All zip password hacker will work if the password used is small (abt 4 charecters) and if the charecters in the password are all simple words. Otherwise if the password is longer than 6 charecters and if it uses special charecters like @#$% etc in it. Then ur wasting your time. Its not gonna crack for ages.
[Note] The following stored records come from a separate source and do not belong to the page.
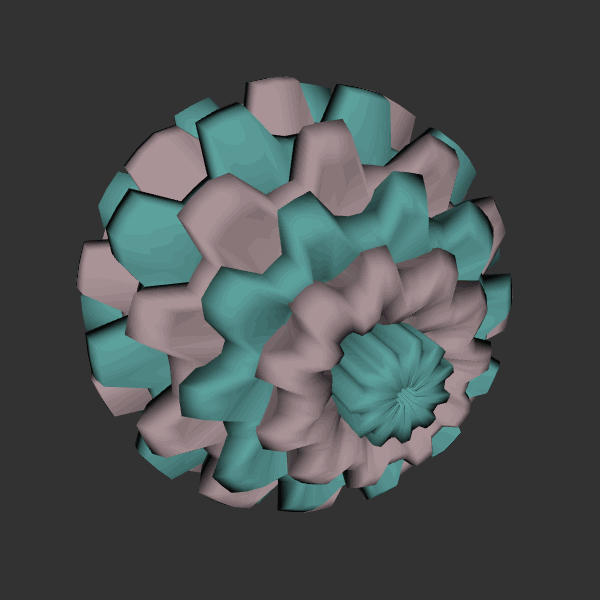
Background: dark
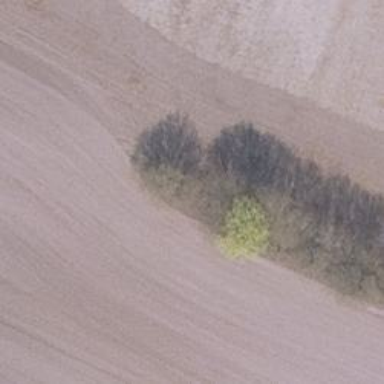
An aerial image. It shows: Row of trees in natural setting.
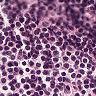
Metastatic tissue present: no
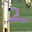
Label: 2
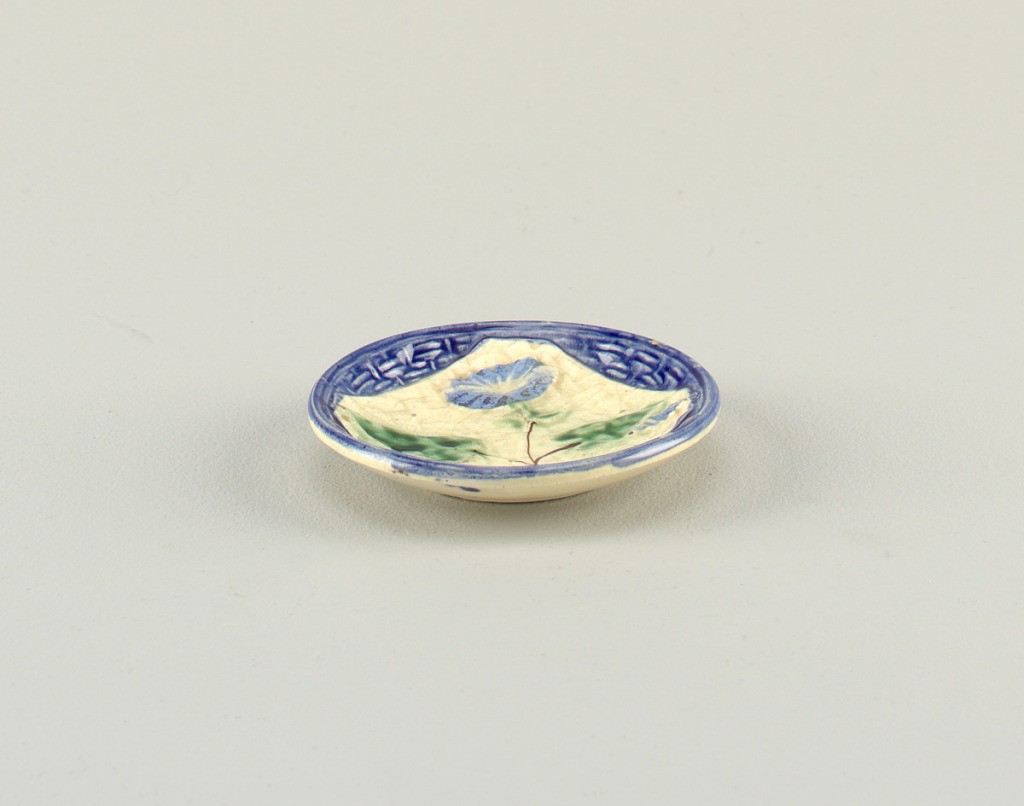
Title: Butter plate
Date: mid- 19th century
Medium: Molded earthenware, underglaze and overglaze decoration
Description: Molded basket pattern, with relief kerchief and morning glory, in blue and green.
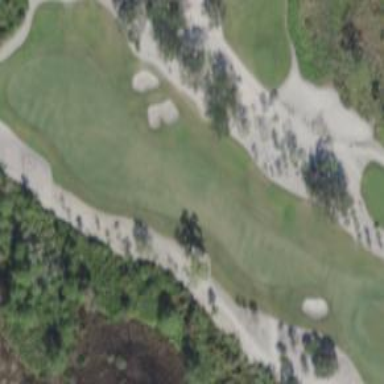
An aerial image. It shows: Rough area on grassy golf course.
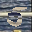
Label: 5
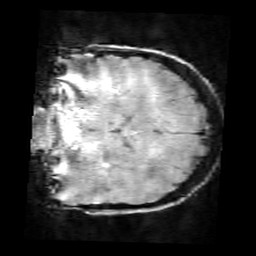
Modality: SWI
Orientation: coronal
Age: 10
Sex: male
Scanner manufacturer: siemens
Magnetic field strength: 3 T
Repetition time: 0.027 s
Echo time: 0.02 s
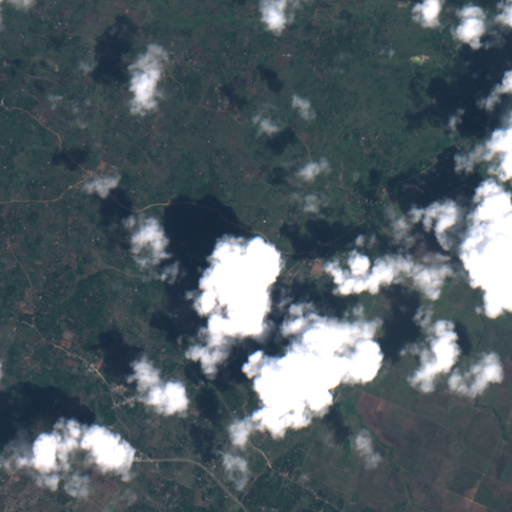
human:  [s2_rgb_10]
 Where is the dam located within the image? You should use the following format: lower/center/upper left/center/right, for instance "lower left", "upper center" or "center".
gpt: The dam is located in the center right of the image.
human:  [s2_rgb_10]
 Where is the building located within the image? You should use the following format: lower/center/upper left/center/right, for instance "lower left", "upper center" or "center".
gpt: There is no building in the image.
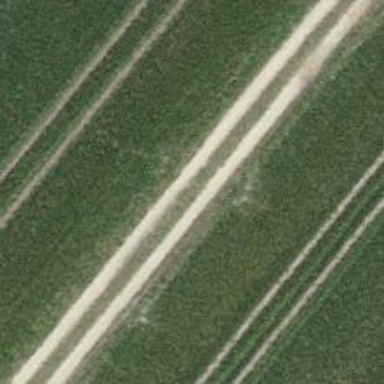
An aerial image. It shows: Track road with grade3 tracktype.
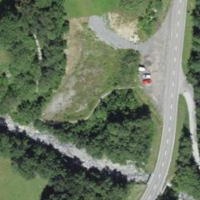
EUNIS habitat code: 24
Species observed at this site:
Melitaea diamina
Parnassius apollo
Aricia artaxerxes
Lasiommata maera
Tussilago farfara
Aporia crataegi
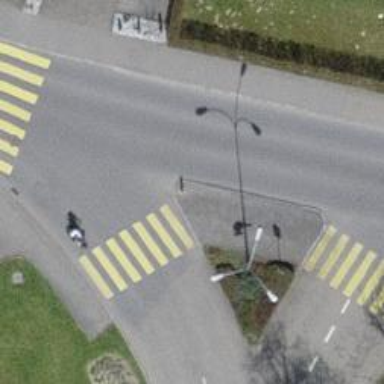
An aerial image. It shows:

Trust me becoz ive tried it before usin all the software mentioned above


----------



## prankzter (Aug 14, 2004)

try advanced zip/rar password  recovery software.
it is a trial version so u hav to cr**k it first so that u can use the true power of this software!


----------



## krazydude (Aug 14, 2004)

Advanced zip password recovery only works for simple passwords which r 4 letters long, and if u have an higher encryption like 128 / 256 bit one then no way can u crack that baby open


----------



## BONZI (Aug 14, 2004)

> Advanced zip password recovery



Well see you at your age of 60


----------



## walking-techie (Aug 14, 2004)

i agree the mentioned s/w will work only for pass upto 4 chars, if more then giv up the effort


----------



## mahidhar (Aug 15, 2004)

Advanced zip password recovery works nice. you can first try with various dictionary , like english alphabets, special charecters, websites, computer terminology etc. there are various kinds of dictionories available on the net for download.


----------



## mariner (Aug 15, 2004)

and i thought that v r not allowed to talk about hacks n cracks in this forum !!!!


----------



## dspnhn (Aug 15, 2004)

search for cRARk on google..it MAY solve your problem


----------



## troubleshooter (Aug 16, 2004)

TRY ULTIMATE ZIP CRACKER. SEARCH IN G   GLE FOR THE CRACKED VERSION UZC. ITS FASTER THAN ADVANCED ZIP PASSWORD RECOVERY AS FOR RAR PASSWORD RECOVERY IM ALSO LOOKING FOR SOME SOFTWARES.


----------



## NikhilVerma (Aug 16, 2004)

What the bloody hell is going on here!!!


----------



## mariner (Aug 16, 2004)

where are the moderators? or does it mean that now v r free to discuss all these things ?


----------



## godfather (Aug 16, 2004)

my friend himself made 1 password cracker inVB.it was able to crack first 4 out of 7 characters it was hemu123 & it managed to give hemu?%% i can give it to u if u want.


----------



## BONZI (Aug 16, 2004)

> and i thought that v r not allowed to talk about hacks n cracks in this forum !!!!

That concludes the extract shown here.